In Information retrieval our starting point is often a term-document matrix constructed by converting the raw text of the corpus. Each row represents a term that occurs in the corpus(and values are its weight) and each column represents a document. This matrix can have a rank in the tens of thousands as well and coming up with a concise representation of this matrix is an interesting challenge.

In this post we briefly explain math concepts behind Topic Modelling approaches like LDA and LSA where we seek to distill a set of topics from a given corpus and assigns each document a level of participation in each topic. LSA discovers the low-dimensional representation using a linear algebra technique called SVD[4]. This approach helps us understand a given corpus of documents and relationships between the words in that corpus.
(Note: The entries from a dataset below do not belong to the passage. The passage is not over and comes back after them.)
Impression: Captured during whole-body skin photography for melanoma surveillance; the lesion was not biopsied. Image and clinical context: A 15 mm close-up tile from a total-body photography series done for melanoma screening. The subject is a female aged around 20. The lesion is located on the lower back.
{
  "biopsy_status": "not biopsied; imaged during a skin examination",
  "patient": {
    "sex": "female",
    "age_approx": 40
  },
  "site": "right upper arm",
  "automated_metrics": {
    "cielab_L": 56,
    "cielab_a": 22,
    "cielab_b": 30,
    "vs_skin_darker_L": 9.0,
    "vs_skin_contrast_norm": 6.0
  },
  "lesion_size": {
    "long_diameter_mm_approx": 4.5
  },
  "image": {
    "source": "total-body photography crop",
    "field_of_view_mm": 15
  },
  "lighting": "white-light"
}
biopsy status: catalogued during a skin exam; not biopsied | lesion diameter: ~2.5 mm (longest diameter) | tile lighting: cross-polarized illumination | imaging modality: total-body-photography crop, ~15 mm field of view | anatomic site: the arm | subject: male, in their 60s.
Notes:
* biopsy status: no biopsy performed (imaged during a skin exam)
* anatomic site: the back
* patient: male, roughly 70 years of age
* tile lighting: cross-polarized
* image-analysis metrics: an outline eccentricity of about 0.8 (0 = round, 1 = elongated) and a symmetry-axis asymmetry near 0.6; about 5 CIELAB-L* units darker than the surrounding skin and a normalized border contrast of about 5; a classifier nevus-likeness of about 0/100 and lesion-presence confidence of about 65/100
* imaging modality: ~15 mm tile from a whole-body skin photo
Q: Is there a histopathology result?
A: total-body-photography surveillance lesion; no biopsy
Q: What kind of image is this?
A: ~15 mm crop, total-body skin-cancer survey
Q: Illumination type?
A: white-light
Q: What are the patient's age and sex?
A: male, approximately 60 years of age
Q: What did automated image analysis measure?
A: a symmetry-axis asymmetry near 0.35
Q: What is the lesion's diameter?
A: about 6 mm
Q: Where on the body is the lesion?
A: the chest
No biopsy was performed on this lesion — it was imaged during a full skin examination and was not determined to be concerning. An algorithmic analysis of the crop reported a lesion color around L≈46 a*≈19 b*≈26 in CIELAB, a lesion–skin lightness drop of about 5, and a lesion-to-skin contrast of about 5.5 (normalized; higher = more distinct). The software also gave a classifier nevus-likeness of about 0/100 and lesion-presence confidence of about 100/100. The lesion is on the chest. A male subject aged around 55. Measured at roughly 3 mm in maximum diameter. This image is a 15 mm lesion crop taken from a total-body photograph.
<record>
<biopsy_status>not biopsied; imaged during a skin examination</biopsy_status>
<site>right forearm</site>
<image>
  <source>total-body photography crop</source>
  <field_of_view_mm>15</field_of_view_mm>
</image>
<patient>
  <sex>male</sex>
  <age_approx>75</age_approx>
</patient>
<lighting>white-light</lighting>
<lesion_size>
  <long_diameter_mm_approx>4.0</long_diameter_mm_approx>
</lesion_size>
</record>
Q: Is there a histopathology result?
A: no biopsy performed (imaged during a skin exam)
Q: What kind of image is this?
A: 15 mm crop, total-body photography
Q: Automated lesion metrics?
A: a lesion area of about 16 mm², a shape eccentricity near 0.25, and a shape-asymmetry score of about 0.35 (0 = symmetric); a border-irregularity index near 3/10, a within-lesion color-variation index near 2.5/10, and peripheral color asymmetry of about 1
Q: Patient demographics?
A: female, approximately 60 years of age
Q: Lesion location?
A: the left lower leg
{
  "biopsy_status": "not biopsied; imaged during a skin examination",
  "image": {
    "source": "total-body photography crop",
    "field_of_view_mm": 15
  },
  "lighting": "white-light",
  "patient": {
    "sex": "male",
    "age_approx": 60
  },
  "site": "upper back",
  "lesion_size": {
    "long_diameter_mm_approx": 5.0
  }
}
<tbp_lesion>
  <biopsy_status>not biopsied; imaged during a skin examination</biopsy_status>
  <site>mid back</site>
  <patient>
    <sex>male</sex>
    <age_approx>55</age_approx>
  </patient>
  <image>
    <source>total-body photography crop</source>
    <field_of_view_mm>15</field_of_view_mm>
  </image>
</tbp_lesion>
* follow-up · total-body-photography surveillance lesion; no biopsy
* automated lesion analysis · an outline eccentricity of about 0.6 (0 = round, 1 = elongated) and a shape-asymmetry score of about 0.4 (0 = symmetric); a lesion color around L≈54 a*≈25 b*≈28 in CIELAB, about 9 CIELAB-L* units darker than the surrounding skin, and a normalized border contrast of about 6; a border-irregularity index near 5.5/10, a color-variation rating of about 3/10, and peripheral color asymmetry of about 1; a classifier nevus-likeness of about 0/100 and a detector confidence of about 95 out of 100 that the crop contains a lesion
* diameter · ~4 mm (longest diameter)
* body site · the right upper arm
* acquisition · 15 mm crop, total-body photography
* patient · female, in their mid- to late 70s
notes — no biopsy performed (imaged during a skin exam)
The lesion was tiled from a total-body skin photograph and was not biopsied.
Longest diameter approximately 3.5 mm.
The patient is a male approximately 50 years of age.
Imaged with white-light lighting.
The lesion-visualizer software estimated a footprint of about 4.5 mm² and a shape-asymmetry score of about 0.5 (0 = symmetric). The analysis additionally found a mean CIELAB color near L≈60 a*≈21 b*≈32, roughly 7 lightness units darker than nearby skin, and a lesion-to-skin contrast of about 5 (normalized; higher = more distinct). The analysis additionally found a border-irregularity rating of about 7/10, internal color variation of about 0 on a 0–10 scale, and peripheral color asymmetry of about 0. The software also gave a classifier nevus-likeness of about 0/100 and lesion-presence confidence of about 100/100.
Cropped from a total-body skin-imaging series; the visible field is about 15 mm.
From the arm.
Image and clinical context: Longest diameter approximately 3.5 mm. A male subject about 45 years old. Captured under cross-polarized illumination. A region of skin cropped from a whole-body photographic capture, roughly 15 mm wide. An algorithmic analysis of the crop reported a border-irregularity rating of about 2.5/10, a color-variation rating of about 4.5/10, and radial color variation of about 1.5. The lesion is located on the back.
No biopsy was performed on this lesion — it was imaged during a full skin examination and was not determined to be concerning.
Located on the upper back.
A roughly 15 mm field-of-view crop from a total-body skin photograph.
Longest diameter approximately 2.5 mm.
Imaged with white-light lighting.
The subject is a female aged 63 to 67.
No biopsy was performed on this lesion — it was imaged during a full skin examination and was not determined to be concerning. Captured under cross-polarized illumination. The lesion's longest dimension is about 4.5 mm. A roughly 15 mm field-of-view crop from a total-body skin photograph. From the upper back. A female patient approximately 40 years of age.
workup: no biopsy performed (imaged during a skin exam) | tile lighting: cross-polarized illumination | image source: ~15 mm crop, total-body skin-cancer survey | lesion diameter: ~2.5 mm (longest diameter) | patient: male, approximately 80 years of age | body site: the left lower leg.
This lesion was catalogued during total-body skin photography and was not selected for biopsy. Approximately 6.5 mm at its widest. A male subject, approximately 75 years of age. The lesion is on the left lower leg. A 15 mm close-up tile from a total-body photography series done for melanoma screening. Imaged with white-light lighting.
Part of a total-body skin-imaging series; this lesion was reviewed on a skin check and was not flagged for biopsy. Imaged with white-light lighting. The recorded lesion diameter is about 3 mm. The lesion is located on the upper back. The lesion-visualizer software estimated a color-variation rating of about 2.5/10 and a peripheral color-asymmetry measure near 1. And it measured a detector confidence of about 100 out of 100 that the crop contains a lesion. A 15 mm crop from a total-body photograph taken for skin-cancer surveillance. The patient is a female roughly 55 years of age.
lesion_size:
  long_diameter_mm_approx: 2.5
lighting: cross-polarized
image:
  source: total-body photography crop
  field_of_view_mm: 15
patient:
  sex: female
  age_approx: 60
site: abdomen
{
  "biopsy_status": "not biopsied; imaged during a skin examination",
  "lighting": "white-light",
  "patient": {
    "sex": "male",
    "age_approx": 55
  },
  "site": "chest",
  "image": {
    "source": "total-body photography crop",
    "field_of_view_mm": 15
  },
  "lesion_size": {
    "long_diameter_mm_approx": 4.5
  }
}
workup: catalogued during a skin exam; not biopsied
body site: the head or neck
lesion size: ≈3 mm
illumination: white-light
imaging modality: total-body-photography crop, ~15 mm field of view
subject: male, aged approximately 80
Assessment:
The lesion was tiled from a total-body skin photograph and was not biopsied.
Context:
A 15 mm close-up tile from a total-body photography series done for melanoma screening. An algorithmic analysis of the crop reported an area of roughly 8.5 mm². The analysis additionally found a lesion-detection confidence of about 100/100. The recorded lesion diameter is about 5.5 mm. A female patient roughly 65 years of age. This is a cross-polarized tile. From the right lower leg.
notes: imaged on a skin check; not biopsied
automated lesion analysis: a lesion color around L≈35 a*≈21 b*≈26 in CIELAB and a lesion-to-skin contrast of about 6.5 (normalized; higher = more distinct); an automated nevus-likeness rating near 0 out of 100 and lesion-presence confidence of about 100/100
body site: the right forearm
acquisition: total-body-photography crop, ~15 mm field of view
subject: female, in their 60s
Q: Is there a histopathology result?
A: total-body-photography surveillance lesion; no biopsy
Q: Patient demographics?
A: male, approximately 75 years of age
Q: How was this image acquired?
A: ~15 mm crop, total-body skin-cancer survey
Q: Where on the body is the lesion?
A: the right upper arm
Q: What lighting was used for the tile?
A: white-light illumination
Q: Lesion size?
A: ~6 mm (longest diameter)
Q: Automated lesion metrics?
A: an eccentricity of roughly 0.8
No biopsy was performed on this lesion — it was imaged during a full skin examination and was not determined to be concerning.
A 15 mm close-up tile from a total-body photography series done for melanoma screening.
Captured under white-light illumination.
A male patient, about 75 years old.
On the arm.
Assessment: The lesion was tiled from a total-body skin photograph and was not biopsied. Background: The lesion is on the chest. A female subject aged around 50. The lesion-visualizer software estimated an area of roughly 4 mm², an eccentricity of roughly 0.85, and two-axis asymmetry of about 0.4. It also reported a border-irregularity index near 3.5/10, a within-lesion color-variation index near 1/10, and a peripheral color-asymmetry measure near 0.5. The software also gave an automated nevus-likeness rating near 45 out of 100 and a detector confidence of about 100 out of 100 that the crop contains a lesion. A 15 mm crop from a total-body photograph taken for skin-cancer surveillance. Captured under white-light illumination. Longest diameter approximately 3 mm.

A particularly interesting application of SVD is semantic search (sometimes referred LSA to as latent semantic analysis (LSA)). Using LSA we can match queries to documents based on the semantic meaning of the query, which compared to keyword search is much better as keyword search returns can return irrelevent results in many cases due to synonymy(words having similar meaning) and polysemy(words have more than one meaning). In LSA we use Singular value decomposition to construct a low-rank approximation C_{K} of the term-document matrix, for a value of k that is far smaller than the original rank of C[4].

MLlib contains an implementation of the SVD that can handle large matrices[5]. The SVD takes as input m x n matrix (term-document matrix) and output three that approximately equal it when multiplied together.

M ≈ U S V^{T}

The matrices are:

- U is an m m x k matrix whose columns form an orthonormal basis for the document space.
- S is a k x k diagonal matrix, each of whose entries correspond to the strength of one of the concepts.
- V
^{T}is a k x n matrix whose columns form an orthonormal basis for the term space.

Before factorisation we can provide the parameter k which indicates how many factors to keep around.

### Spark Implementation:

Spark provides a scalable implementation where MLLib is capable of handling enormous size matrices.

we start by importing relevant libraries.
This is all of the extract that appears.